(Task material begins)
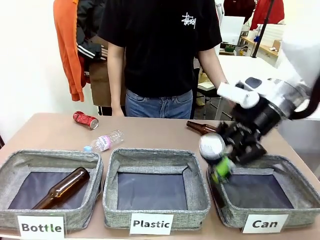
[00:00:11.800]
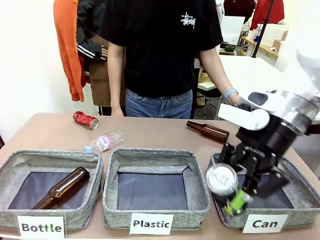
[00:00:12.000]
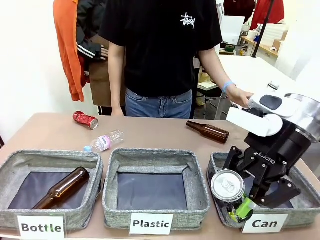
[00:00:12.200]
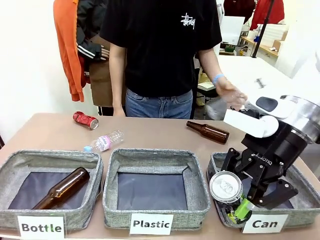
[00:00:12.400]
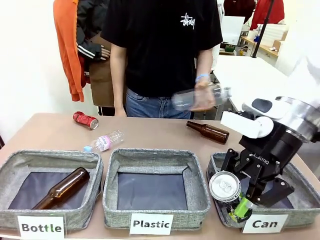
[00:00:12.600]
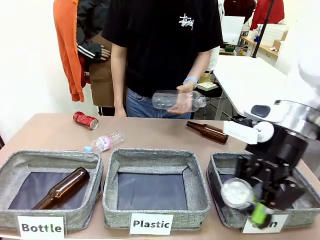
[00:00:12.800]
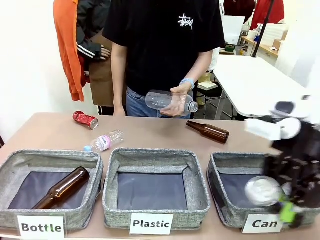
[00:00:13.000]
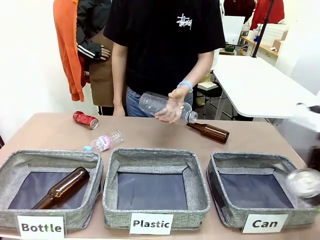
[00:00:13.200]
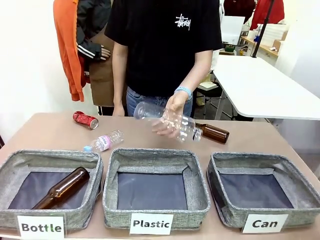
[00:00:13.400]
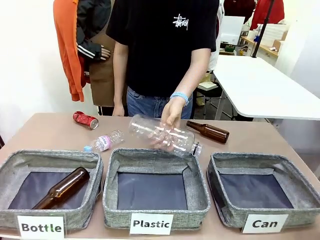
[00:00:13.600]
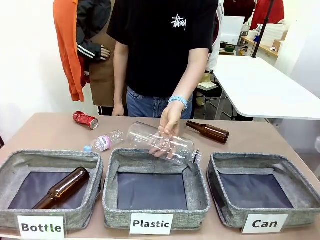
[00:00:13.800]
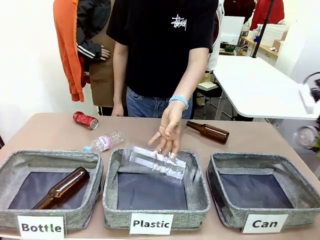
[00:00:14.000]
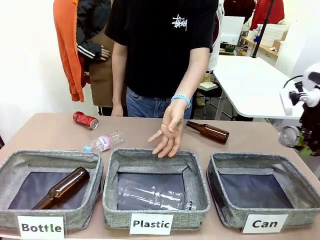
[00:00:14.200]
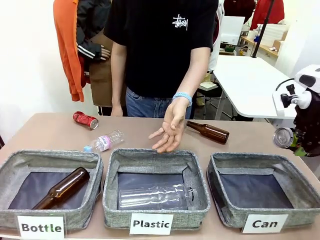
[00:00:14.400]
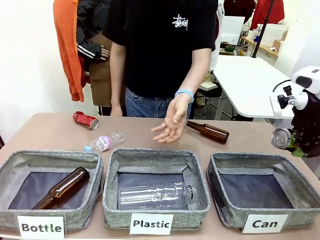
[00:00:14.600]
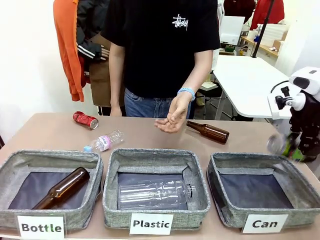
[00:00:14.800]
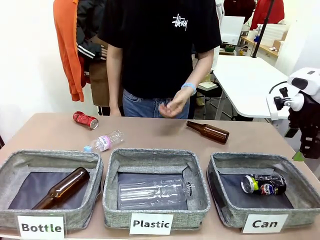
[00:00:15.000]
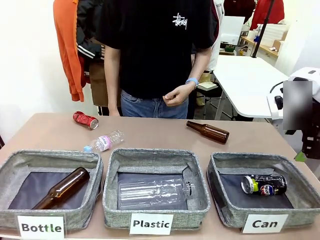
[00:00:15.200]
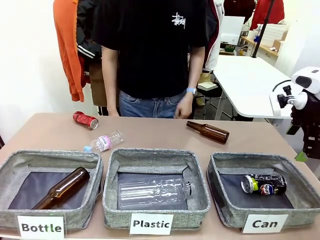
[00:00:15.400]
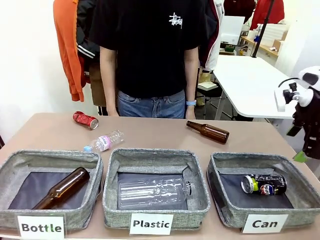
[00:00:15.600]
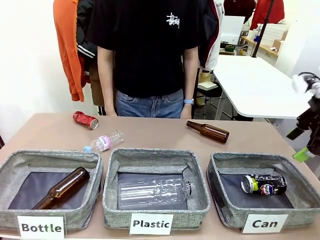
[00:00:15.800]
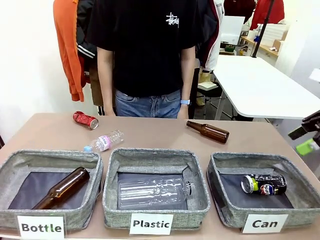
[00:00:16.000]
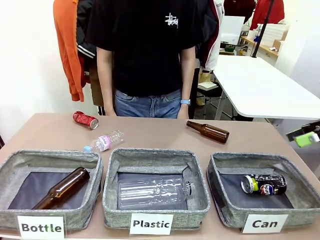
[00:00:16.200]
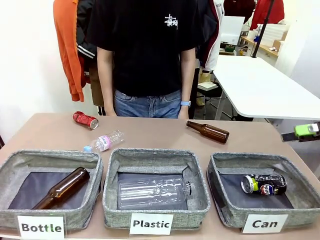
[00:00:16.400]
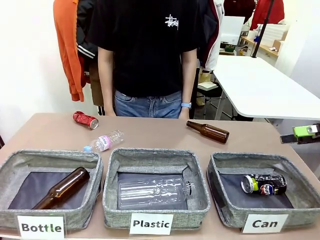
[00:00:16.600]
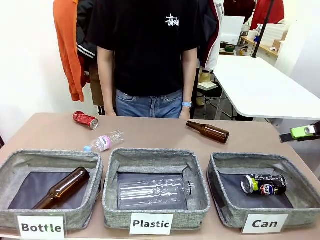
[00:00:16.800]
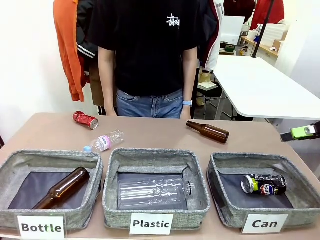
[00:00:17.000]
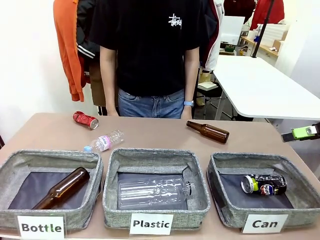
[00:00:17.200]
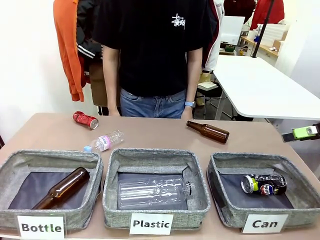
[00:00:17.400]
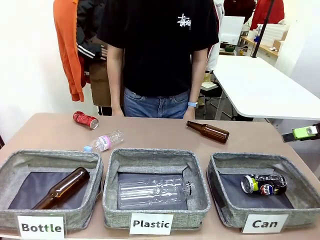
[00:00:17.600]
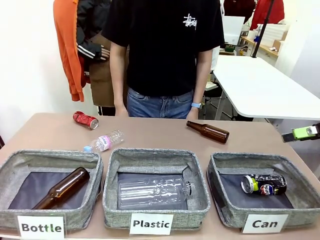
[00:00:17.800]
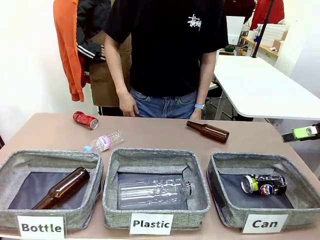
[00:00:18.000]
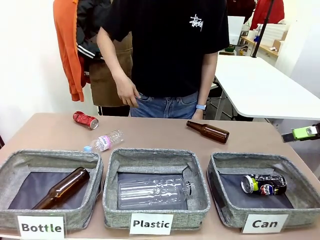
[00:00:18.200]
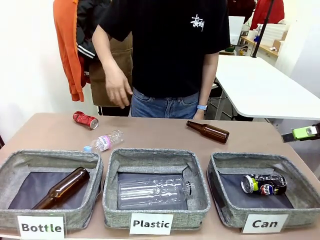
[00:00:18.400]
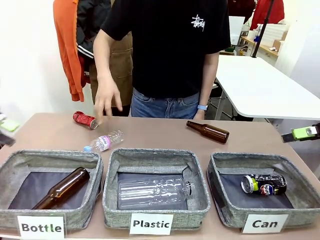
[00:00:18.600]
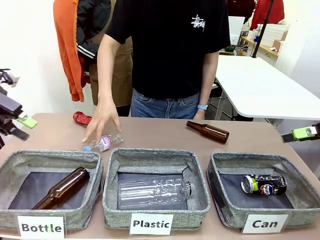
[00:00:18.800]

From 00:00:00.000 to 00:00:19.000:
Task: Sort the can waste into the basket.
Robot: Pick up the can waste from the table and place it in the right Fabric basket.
(Task material ends)
● **What needs to be done**
Transcribe the lines above exactly, beginning at the one with "[00:00:13.400]" and ending at the one with "[00:00:17.200]". Include both; exclude the pictures.

● **Reply**
[00:00:13.400]
[00:00:13.600]
[00:00:13.800]
[00:00:14.000]
[00:00:14.200]
[00:00:14.400]
[00:00:14.600]
[00:00:14.800]
[00:00:15.000]
[00:00:15.200]
[00:00:15.400]
[00:00:15.600]
[00:00:15.800]
[00:00:16.000]
[00:00:16.200]
[00:00:16.400]
[00:00:16.600]
[00:00:16.800]
[00:00:17.000]
[00:00:17.200]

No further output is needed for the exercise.